A complete parser-building tool like ANTLR or YACC is necessary if you want to parse C++ from scratch, but it's overkill for your purposes.
It reads over my source files, makes a list of classes, their members, their functions, etc. which is then used to generate new code.
Two main options:
GCC-XML can generate a list of classes, members, and functions. The distribution version on their web site is quite old; try the CVS version instead. I don't know about the availability of a Windows port.
Doxygen is designed for producing documentation, but it can also produce an XML output, which you should be able to use to do what you want.
Currently I just use it to make it easy to read and write my data structures to a plain text file...
This is known as serialization. Try Boost.Serialization or maybe libs11n or Google Protocol Buffers. Stack Overflow has further discussion.
...but I could do other things as well.
Other cool applications of this kind of automatic code generation include reflection (inspecting your objects' members at runtime, using duck typing with C++, etc.) and generating wrappers for calling C++ from scripting languages. For a C++ reflection library, see Reflex. For an example of generating wrappers for scripting languages, see Boost.Python or SWIG.
The C++ FAQ Lite has references to YACC grammars for C++. YACC is an old-school parser that was used to generate parser output, clumsy and difficult to learn but very powerful. Nowadays, you'd use Gnu Bison instead of YACC.
Don't forget about Cog. It requires you to know Python. In essence it embeds the output of Python scripts into your code. It's absurdly easy to use, but it takes a totally different approach from things like ANTLR and its purpose is somewhat different.
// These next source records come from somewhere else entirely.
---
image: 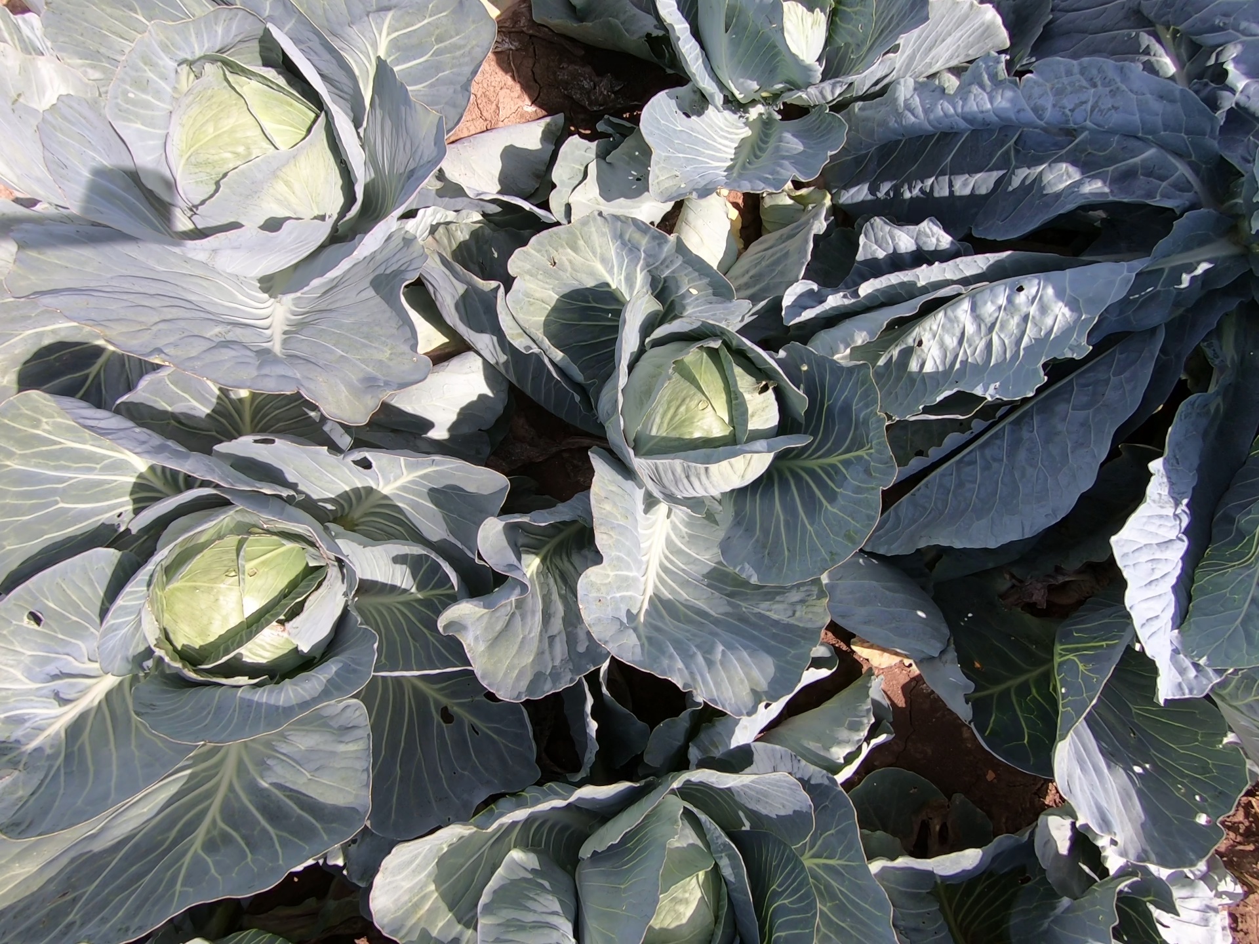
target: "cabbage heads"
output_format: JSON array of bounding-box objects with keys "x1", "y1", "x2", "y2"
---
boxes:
[
  {"x1": 159, "y1": 59, "x2": 357, "y2": 256},
  {"x1": 610, "y1": 342, "x2": 774, "y2": 498},
  {"x1": 153, "y1": 505, "x2": 348, "y2": 681},
  {"x1": 580, "y1": 802, "x2": 736, "y2": 942}
]
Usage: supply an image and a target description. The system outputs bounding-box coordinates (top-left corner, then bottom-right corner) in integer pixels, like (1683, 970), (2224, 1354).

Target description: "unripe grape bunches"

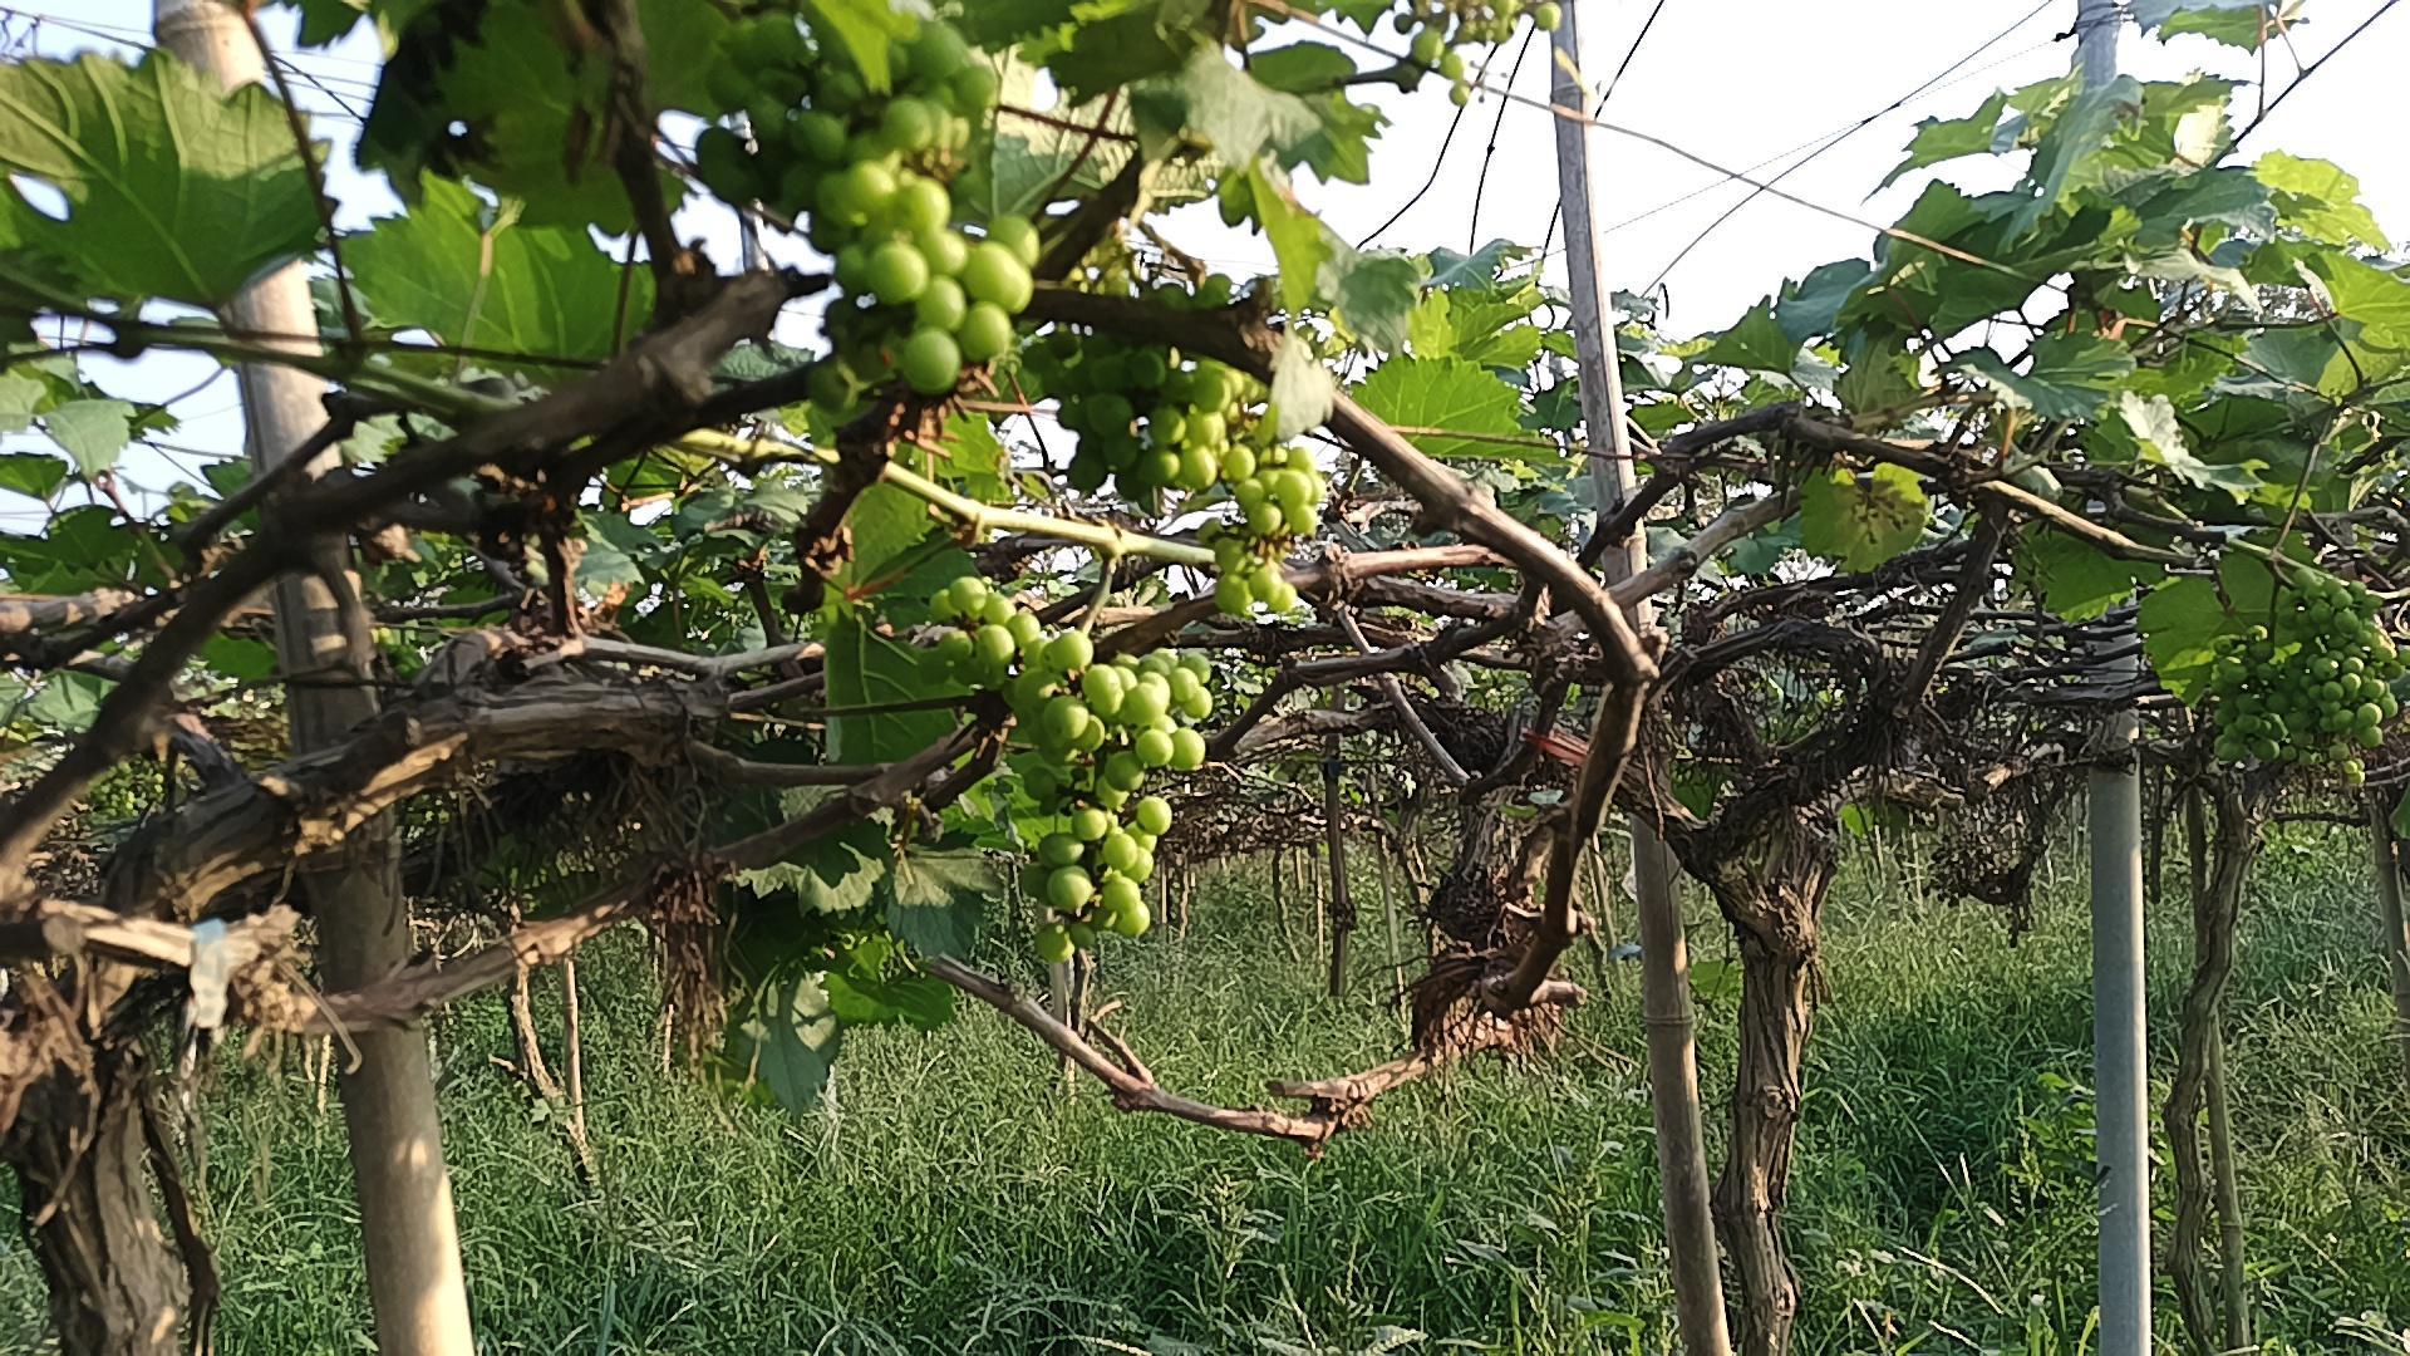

Maybe Boost::Serialize or ANTLR?
I answered a similar question (re splitting source files into separate header and cpp files) by suggesting the use of lzz.
lzz has a very powerful C++ parser that builds a representation for everything except the bodies of functions. As long as you don't need the contents of the function bodies you you could modify 'lzz' so that it performs the generation step you want.
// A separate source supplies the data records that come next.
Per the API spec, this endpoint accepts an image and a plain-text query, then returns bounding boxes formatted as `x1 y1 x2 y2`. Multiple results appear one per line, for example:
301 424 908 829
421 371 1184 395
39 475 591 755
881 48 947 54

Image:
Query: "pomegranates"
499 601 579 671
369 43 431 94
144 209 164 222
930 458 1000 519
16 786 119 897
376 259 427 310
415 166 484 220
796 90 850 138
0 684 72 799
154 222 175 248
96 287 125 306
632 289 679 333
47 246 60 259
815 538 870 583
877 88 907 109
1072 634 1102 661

If you want tools that can parse production C++ code, and carry out arbitrary analyses and transformations, see our DMS Software Reengineering Toolkit and its C++ front end.
It would be straightforward to use the information DMS can provide about C++ code, its structures, types, instances, to generate such access functions. If you wanted to generate access functions in another language, DMS provides means to code transformations from the input language (in this case, C++) to that target language.
Mozilla developed Pork for this kind of thing. I can't say it's easy to use (or even to build), but it is in production.
I've already used professionally the Nvelocity engine combined with C# as a prevoius step to coding, with very good results.